Standing trust is the real resilience problem. Once an attacker can reuse internal identities and routes, the programme’s security posture is measured by how quickly movement is blocked, not how quickly the first alert arrives. That shifts priority toward segmentation, tighter identity scope, and recovery design that assumes the attacker is already inside.

The most useful operational metric is reachable blast radius, not just incident count. If a compromised account or foothold can still reach critical workloads, then the environment has not meaningfully reduced attack surface. Teams should validate this against identity lifecycle controls and map high-risk trust paths before the next disruption tests them.

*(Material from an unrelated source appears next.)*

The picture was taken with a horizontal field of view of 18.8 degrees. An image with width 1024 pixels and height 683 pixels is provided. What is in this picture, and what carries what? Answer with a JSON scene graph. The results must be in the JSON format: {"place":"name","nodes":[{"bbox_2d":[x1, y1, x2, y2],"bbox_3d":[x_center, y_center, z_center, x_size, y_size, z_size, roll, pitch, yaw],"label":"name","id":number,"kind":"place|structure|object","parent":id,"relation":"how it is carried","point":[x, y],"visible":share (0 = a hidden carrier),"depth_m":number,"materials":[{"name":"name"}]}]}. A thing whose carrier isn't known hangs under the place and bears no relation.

Healthcare and connected infrastructure now need containment controls that are explicitly identity-aware. Service accounts, vendor access, and application-to-application trust can all become lateral movement channels, so the programme must align IAM, PAM, and network segmentation rather than treating them as separate workstreams.


For practitioners

  • Map east-west trust paths Identify which workloads, shared services, and non-human identities can talk to one another without a business need, then remove every unnecessary route across critical segments.
  • Constrain non-human identities to task scope Review service accounts, tokens, and application credentials to ensure they cannot authenticate beyond the systems they were created for, especially in clinical and recovery environments.
  • Default-deny internal movement Use microsegmentation to block broad lateral traffic and allow only the ports, protocols, and destinations required for specific services and workflows.
  • Test containment before the next incident Run exercises that assume an attacker is already inside and measure whether segmentation, privilege restrictions, and isolation controls actually stop progression.

Key takeaways

  • The article shows that lateral movement, not initial compromise, is what turns a breach into a shutdown.
  • Extended dwell time and trusted internal access give attackers the reach needed to disrupt care, payments, and recovery.
  • Identity scope and containment controls are the practical levers that limit how far a compromise can spread.

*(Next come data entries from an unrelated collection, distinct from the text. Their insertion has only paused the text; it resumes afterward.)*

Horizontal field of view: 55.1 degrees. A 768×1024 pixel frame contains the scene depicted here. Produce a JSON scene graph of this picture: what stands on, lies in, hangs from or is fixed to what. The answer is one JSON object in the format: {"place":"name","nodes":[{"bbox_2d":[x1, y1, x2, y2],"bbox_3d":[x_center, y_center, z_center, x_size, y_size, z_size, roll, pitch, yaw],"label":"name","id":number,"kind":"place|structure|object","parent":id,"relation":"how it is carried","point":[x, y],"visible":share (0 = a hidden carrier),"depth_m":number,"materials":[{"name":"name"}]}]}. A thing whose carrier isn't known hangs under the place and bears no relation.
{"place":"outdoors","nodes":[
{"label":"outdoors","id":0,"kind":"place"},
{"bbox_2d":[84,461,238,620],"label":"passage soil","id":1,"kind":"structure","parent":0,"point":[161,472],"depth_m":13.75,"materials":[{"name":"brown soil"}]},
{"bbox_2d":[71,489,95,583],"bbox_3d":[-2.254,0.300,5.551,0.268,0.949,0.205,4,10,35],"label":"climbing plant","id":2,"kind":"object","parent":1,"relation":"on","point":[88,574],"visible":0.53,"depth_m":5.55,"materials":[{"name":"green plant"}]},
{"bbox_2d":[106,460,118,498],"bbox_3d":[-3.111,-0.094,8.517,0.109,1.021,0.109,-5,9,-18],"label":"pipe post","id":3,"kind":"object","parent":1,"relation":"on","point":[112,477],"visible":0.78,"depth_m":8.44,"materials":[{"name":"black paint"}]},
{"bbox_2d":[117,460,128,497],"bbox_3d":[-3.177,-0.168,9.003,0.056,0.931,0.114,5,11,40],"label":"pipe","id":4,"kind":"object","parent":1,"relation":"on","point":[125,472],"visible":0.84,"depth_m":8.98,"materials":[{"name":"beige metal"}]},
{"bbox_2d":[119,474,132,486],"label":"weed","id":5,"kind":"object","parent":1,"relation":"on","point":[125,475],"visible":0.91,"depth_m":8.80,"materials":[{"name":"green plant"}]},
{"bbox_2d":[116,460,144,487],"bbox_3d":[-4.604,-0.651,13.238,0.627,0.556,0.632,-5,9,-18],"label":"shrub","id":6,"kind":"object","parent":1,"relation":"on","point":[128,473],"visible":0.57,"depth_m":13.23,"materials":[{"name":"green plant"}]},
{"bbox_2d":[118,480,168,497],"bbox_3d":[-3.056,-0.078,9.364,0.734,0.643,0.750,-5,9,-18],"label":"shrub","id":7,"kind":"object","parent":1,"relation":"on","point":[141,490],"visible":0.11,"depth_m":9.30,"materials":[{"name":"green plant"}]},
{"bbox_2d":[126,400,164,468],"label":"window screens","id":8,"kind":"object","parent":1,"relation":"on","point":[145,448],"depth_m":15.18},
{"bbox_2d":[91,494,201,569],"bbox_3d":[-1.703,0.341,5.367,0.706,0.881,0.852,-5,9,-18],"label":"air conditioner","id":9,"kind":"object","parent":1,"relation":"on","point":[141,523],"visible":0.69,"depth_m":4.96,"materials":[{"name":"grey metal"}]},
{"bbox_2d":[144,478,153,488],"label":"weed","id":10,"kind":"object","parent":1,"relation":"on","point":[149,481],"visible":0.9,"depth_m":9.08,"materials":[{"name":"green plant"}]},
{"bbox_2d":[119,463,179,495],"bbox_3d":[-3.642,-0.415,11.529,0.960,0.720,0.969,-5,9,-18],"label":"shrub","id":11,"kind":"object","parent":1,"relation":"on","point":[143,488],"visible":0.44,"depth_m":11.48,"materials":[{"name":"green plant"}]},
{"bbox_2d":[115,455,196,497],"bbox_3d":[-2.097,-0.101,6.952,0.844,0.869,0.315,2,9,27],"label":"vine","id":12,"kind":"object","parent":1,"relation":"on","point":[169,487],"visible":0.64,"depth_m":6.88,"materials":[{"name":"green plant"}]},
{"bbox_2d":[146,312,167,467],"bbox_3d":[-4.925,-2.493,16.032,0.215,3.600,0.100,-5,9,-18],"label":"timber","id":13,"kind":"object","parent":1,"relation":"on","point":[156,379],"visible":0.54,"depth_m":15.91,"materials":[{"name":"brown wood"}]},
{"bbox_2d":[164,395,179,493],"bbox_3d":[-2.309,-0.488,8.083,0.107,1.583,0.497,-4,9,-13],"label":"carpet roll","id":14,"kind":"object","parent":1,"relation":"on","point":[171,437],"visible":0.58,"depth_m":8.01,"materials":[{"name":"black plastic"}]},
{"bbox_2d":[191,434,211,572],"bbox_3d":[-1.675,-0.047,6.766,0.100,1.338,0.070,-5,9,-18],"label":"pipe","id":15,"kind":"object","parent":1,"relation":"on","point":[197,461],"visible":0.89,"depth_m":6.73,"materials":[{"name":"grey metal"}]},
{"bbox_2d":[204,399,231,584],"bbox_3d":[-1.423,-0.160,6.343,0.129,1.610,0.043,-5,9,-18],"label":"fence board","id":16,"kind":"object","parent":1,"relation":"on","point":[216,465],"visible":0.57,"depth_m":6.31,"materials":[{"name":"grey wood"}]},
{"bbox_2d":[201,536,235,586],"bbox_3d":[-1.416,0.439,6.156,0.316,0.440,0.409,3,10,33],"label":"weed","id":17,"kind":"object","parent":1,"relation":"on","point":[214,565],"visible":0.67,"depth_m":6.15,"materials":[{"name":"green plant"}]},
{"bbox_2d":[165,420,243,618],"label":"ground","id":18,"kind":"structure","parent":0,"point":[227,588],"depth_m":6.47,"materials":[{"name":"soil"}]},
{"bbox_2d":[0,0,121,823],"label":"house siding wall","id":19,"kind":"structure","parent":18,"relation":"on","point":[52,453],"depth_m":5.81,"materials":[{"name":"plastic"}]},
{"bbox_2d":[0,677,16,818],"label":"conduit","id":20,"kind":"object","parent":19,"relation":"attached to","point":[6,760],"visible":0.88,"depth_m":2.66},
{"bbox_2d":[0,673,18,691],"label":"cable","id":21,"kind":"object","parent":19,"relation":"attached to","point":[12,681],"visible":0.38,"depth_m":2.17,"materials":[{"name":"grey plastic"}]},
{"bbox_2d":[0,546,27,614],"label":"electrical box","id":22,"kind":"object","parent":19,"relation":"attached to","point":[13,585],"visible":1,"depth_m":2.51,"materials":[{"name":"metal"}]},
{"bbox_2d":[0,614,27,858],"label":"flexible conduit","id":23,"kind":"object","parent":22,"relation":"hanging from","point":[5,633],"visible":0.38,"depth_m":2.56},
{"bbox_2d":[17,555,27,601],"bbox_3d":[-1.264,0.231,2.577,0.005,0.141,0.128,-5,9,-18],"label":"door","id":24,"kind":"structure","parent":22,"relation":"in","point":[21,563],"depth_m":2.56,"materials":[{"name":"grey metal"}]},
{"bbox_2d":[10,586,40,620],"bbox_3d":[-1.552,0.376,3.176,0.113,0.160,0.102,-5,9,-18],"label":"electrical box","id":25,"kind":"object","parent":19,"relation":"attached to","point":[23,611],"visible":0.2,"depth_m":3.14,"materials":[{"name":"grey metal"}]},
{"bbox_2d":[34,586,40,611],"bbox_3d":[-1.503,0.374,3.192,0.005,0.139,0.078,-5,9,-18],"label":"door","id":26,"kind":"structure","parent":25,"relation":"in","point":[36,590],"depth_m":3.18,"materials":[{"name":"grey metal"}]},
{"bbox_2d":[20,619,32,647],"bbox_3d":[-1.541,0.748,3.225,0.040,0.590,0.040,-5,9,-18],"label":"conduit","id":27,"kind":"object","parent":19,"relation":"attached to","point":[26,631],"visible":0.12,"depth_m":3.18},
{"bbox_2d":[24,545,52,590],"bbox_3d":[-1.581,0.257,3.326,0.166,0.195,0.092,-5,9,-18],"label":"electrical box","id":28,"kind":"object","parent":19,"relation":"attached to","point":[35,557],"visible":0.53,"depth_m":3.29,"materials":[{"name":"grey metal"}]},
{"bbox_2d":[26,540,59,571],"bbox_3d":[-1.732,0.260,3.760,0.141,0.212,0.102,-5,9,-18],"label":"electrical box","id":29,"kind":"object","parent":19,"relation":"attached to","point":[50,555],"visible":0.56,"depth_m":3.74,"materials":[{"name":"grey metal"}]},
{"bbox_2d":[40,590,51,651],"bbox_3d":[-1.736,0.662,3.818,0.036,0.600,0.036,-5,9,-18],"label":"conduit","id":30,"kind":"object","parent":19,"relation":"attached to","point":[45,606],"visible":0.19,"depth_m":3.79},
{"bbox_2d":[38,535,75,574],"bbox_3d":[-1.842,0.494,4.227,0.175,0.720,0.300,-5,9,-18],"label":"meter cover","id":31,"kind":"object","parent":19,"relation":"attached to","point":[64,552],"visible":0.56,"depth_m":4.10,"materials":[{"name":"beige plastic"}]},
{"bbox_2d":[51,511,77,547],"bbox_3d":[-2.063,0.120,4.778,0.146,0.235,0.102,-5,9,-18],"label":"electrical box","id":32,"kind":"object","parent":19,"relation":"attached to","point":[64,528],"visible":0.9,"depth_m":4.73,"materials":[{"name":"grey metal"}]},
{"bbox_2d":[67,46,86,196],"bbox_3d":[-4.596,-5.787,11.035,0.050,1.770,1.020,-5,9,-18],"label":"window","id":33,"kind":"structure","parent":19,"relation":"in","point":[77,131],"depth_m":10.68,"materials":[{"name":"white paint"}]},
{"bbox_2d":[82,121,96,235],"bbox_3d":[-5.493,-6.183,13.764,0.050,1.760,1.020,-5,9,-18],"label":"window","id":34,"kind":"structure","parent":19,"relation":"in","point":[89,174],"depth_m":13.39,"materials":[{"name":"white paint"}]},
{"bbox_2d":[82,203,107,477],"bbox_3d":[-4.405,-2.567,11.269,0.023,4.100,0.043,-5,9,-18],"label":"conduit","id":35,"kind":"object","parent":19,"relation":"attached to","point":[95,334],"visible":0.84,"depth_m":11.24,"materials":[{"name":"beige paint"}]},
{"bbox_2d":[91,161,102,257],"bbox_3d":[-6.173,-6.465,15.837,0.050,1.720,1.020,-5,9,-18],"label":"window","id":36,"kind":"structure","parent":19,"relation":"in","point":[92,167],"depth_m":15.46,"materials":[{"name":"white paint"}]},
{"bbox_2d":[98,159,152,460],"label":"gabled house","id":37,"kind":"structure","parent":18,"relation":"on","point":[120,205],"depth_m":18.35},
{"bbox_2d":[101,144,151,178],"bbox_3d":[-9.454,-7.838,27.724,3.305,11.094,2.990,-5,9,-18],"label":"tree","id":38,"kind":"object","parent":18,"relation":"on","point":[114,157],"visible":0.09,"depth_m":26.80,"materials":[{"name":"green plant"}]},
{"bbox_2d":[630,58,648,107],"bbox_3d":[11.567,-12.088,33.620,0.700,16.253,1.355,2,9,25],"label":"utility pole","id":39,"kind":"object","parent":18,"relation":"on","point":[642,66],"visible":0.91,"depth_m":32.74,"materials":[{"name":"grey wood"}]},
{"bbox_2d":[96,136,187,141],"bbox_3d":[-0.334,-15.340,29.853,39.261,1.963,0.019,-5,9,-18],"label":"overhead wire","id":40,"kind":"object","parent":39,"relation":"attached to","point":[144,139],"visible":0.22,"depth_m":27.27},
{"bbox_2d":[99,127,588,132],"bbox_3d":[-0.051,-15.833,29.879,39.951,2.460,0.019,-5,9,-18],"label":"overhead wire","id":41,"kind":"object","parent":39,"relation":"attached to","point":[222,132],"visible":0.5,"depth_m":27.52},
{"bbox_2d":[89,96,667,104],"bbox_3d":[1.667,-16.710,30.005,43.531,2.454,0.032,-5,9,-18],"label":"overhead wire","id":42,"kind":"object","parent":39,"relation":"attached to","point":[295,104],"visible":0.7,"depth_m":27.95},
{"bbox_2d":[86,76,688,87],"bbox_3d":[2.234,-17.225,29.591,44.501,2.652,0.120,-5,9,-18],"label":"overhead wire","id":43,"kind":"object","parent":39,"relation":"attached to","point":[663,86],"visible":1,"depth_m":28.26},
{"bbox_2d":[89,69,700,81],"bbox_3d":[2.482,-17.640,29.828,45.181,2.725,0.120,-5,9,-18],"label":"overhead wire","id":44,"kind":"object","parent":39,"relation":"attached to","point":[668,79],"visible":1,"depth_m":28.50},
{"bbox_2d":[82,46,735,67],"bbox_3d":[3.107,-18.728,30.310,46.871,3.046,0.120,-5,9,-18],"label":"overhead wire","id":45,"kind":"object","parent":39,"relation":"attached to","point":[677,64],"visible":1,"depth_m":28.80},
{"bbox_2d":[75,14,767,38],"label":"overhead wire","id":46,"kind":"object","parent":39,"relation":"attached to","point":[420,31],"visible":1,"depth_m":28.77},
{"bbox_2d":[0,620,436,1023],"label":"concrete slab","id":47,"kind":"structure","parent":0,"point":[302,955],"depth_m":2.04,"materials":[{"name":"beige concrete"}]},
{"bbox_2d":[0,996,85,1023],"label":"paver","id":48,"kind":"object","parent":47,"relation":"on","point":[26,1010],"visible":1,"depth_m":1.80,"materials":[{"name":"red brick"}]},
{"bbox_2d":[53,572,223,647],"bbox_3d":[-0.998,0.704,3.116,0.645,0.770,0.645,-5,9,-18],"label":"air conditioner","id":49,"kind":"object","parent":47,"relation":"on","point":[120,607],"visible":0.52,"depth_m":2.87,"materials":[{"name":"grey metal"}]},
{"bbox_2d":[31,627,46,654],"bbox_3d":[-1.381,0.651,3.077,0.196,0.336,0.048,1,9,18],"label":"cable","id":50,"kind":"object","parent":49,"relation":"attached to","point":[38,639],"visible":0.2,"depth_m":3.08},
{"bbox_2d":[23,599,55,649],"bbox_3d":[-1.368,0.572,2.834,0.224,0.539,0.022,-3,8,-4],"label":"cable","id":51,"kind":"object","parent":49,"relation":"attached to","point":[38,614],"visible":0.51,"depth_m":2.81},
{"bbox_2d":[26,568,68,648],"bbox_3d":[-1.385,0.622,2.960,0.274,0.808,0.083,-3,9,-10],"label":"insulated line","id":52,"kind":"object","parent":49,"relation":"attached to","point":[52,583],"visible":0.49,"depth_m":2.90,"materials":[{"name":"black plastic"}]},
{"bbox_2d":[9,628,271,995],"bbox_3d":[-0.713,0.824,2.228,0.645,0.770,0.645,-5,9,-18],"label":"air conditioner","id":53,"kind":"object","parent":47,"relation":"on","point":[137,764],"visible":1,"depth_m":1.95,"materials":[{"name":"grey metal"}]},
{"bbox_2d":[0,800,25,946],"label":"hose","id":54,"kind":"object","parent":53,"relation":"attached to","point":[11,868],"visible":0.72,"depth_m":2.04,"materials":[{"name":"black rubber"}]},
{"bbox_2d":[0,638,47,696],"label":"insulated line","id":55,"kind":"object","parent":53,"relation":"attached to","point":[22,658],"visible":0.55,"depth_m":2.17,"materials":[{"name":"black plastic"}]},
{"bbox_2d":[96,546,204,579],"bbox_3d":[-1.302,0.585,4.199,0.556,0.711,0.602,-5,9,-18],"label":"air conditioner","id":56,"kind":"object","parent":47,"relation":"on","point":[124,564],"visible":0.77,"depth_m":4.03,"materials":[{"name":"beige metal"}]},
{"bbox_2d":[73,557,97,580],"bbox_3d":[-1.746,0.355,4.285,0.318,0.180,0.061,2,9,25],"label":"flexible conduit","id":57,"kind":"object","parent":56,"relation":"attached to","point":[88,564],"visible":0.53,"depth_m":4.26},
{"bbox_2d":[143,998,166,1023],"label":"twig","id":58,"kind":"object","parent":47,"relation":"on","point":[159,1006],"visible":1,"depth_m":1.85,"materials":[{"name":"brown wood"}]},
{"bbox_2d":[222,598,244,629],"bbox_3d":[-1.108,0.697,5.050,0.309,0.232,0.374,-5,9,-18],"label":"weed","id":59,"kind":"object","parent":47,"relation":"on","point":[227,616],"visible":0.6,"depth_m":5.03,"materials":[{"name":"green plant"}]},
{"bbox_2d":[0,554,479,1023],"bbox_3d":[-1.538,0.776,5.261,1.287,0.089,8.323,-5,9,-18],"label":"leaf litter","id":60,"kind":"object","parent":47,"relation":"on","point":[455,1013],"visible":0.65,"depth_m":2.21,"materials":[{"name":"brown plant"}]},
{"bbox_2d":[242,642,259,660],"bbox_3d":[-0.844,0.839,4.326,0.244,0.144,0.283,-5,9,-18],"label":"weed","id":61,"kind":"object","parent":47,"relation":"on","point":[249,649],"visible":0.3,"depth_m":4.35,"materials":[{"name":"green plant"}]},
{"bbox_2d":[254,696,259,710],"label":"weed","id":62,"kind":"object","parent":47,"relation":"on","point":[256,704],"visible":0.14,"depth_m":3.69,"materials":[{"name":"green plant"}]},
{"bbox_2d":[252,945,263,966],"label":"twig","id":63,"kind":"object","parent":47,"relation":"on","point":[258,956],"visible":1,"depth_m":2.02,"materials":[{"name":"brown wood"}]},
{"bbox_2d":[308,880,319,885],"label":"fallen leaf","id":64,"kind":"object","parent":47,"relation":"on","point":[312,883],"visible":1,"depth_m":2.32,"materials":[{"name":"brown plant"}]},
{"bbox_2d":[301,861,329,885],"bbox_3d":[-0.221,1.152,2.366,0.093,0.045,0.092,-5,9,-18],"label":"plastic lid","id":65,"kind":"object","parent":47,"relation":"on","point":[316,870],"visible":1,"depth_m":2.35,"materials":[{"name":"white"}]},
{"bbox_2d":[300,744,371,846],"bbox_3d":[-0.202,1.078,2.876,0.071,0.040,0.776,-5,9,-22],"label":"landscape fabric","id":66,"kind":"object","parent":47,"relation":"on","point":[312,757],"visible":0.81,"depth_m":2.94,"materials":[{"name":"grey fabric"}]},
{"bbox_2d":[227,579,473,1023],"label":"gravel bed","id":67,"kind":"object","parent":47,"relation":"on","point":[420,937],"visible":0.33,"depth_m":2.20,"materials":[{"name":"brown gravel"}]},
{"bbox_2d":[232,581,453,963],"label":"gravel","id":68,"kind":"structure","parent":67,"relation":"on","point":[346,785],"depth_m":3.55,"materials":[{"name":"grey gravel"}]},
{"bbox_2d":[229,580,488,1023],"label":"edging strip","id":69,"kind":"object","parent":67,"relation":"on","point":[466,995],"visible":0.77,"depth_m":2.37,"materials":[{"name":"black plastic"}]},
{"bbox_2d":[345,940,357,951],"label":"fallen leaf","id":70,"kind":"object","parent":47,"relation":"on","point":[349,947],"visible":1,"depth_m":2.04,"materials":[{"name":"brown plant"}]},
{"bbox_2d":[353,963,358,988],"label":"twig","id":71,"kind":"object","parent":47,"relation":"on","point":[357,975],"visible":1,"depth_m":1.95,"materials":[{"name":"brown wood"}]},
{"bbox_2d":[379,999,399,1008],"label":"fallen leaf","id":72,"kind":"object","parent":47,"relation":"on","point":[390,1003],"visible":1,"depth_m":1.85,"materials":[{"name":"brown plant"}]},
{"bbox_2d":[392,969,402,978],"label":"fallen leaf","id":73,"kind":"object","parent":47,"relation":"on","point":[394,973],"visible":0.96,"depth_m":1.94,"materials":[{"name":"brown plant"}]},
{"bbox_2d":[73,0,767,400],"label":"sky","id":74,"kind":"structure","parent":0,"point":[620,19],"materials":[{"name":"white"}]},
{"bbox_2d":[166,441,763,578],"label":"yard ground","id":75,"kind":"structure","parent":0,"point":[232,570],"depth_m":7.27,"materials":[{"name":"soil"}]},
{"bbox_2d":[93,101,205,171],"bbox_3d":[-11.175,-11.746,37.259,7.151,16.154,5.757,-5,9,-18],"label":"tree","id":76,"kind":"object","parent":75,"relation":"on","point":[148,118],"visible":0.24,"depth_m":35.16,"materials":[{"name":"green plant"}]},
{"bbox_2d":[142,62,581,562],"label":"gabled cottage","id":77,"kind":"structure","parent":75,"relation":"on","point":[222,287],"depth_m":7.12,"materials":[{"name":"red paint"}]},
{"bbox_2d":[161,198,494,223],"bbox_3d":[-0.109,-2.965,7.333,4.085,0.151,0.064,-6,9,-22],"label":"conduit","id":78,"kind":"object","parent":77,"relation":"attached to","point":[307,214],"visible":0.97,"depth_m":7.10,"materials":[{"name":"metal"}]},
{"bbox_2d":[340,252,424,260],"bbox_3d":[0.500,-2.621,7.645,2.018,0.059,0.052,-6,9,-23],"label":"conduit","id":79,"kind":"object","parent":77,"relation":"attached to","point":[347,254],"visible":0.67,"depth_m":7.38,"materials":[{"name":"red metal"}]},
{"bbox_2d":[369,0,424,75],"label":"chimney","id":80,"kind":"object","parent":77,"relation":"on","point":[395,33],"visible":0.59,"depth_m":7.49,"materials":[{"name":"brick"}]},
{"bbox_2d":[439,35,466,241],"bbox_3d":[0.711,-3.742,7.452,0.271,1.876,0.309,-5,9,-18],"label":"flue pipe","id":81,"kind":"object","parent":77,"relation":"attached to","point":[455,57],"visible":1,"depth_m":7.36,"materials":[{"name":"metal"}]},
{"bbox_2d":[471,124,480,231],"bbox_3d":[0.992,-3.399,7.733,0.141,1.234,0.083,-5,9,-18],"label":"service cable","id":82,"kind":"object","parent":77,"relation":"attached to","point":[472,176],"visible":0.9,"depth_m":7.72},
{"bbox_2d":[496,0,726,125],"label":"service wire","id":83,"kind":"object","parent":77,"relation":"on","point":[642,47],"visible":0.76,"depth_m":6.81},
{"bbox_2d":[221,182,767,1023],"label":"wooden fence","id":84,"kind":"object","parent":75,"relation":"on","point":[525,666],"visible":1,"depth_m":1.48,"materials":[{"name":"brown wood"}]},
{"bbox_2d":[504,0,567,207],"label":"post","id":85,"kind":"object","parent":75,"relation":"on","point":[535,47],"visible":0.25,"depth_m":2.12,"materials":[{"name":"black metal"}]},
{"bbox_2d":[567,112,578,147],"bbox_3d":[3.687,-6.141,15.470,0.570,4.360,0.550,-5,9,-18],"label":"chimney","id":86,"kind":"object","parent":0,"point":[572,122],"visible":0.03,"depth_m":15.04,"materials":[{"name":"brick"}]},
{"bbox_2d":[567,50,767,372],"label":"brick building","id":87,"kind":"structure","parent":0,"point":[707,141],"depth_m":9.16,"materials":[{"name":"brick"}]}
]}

Standards & Framework Alignment

This section maps relevant standards and security frameworks to the operational risks and controls described in this guidance.

MITRE ATT&CK address the attack and risk surface, while NIST CSF 2.0, NIST SP 800-53 Rev 5, CIS Controls v8 and NIST Zero Trust (SP 800-207) set the governance and control requirements practitioners need to meet.

FrameworkControl / ReferenceRelevance
MITRE ATT&CKTA0008 , Lateral Movement; TA0040 , ImpactThe article centres on lateral movement leading to outage and disruption.
NIST CSF 2.0PR.AC-4The advisory highlights excessive internal trust and weak access restrictions.
NIST SP 800-53 Rev 5AC-4Information flow control is central to stopping east-west spread.
CIS Controls v8CIS-12 , Network Infrastructure ManagementNetwork segmentation and traffic control are the core defensive theme.
NIST Zero Trust (SP 800-207)Zero Trust principles fit the article’s assumption-breach containment model.

Map internal pivot paths to ATT&CK and close the routes that let one foothold reach critical systems.


Key terms

  • Lateral Movement: Lateral movement is the stage of an intrusion where an attacker uses one compromised asset to reach others inside the environment. It usually relies on valid credentials, open network paths, or trusted application relationships, and it is often the point where a contained incident becomes an enterprise-wide problem.
  • Microsegmentation: Microsegmentation is the practice of dividing environments into smaller trust zones and limiting traffic between them to what is explicitly required. In breach containment, it reduces the attacker’s ability to pivot after initial compromise and can materially shrink the blast radius of a security incident.
  • Blast Radius: Blast radius is the amount of damage an attacker can cause after gaining initial access. It is shaped by privilege scope, network reach, identity trust, and segmentation quality, and it is a more useful resilience measure than raw alert volume when assessing containment maturity.
  • Standing Trust: Standing trust is the condition in which systems, applications, or identities continue to trust one another by default over time. When that trust is not tightly scoped or revalidated, a single compromise can spread much farther than the original foothold, especially in flat or highly connected environments.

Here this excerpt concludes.